# Insurance - Ergghhhh, Admiral wont put me an answer in writing.



## BMW Shortie (May 27, 2008)

After i have spoken to 2 different sales persons and got 2 very different answers, i have now emailed Admiral twice in the past 14 days, the only response they give me is an automated "we have received your email" but fail to respond and put the answers in writing. :devil::devil:

The questions i want answering are as follows and are in relation to my BMW 320i MSport:

1) Over the winter; i want to get my summer MV3 alloys refurbished. Instead of the original silver i was thinking about Ferric Grey which is an option available from BMW. Do i need to declare this and will it incur a charge?

2) If i fit identical size winter tyres to my MV3 alloys, will this incur a charge and do i need to inform you.

3) If i fit 17" BMW OEM alloys with appropriate size winter tyres,will this incur a charge and do i need to inform you.

4) Do i need to declare roof bars and roof box for the occasional camping trip?

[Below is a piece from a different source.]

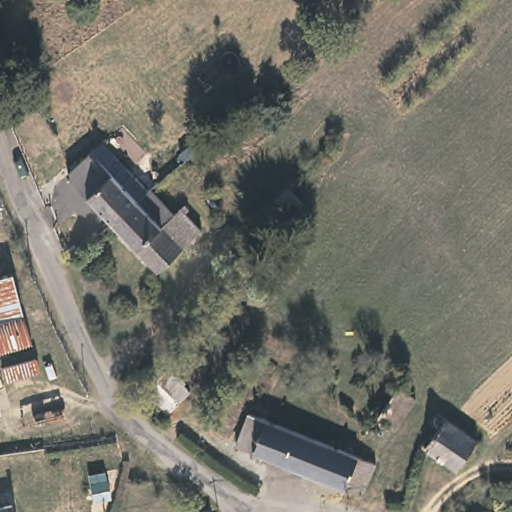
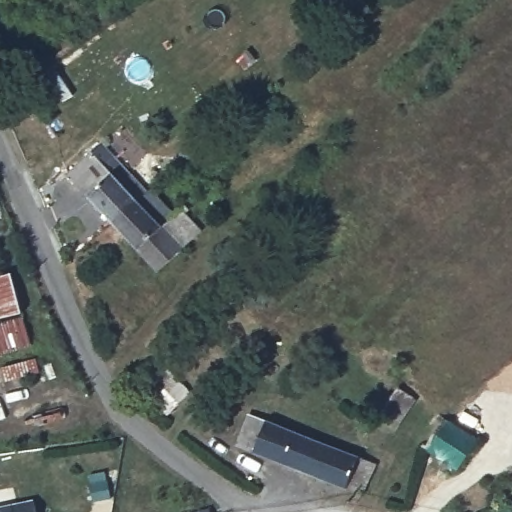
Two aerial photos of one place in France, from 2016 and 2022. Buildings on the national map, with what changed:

Now i note that from the Association Of British Insurers site that Admiral "_do not require the payment of any additional premium if customers decide to fit winter tyres to their cars, provided that the tyres meet, and are fitted in accordance with, the relevant vehicle manufacturers' specifications and are in a roadworthy condition whilst in use"._

Now i presume this means only if i fit identical tyre sizes onto my standard MV3 wheels?

http://www.abi.org.uk/Information/C...r_Tyres__The_Motor_Insurance_Committment.aspx

Anyone managed to get a ********** answer on any of these from Admiral?


----------



## Matt. (Aug 26, 2007)

What about speaking to the duty manager. Be sure to take their name. 

Then if anything happens, they will have the recording plus you'll have their name.


----------